Collection entries
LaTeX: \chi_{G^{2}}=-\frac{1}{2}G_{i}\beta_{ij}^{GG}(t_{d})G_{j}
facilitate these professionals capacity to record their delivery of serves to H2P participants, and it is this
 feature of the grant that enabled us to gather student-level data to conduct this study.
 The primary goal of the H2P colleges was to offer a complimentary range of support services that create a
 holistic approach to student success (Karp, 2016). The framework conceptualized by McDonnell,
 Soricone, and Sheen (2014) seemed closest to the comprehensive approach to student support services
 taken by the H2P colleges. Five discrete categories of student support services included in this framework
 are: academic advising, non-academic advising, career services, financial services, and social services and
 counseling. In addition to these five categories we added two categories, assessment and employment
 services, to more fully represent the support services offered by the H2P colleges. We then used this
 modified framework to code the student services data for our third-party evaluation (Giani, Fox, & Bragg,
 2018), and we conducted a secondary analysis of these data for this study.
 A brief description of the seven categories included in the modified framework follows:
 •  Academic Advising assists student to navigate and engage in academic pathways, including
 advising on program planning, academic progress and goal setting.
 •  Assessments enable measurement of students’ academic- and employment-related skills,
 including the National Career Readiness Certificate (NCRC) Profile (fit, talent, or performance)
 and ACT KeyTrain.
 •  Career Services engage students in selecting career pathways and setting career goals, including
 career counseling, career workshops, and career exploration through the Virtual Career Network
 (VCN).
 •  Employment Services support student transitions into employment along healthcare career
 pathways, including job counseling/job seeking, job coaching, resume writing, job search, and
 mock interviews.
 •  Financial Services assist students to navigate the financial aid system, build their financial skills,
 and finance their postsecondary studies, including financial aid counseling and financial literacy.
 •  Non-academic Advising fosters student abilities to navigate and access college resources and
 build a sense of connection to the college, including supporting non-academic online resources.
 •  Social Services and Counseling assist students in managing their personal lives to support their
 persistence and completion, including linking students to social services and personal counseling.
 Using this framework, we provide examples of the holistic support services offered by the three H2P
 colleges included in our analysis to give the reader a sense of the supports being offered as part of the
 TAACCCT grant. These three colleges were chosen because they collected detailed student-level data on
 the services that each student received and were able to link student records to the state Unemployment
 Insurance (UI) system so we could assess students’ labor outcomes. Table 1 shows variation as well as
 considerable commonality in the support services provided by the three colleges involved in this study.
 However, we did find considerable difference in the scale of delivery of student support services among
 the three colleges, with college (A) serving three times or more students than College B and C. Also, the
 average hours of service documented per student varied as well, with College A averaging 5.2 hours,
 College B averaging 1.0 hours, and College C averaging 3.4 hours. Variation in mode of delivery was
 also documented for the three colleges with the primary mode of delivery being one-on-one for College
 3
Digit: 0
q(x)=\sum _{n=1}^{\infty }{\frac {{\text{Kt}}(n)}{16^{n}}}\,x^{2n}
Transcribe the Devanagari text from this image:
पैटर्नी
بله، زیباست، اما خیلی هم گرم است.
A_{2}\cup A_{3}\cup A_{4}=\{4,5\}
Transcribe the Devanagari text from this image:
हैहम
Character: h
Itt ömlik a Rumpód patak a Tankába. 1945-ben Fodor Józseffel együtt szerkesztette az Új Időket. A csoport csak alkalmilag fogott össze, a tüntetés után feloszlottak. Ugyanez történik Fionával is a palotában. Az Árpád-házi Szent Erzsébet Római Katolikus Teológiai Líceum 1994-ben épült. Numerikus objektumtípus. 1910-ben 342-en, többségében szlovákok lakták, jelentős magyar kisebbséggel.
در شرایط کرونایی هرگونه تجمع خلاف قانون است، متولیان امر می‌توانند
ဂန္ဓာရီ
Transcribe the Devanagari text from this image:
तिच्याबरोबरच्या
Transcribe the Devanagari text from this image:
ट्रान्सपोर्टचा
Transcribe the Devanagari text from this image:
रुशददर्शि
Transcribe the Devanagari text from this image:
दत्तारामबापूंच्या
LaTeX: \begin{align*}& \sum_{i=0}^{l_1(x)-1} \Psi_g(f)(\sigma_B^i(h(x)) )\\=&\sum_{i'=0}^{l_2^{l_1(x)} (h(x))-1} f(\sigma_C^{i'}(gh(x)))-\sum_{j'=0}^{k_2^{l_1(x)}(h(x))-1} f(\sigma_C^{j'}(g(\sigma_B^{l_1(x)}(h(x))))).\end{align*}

**TASK OBJECTIVE**
Which lines hold the word "were"? Return all of them from the records above.

**REPLY TO THE EXERCISE**
 TAACCCT grant. These three colleges were chosen because they collected detailed student-level data on
 the services that each student received and were able to link student records to the state Unemployment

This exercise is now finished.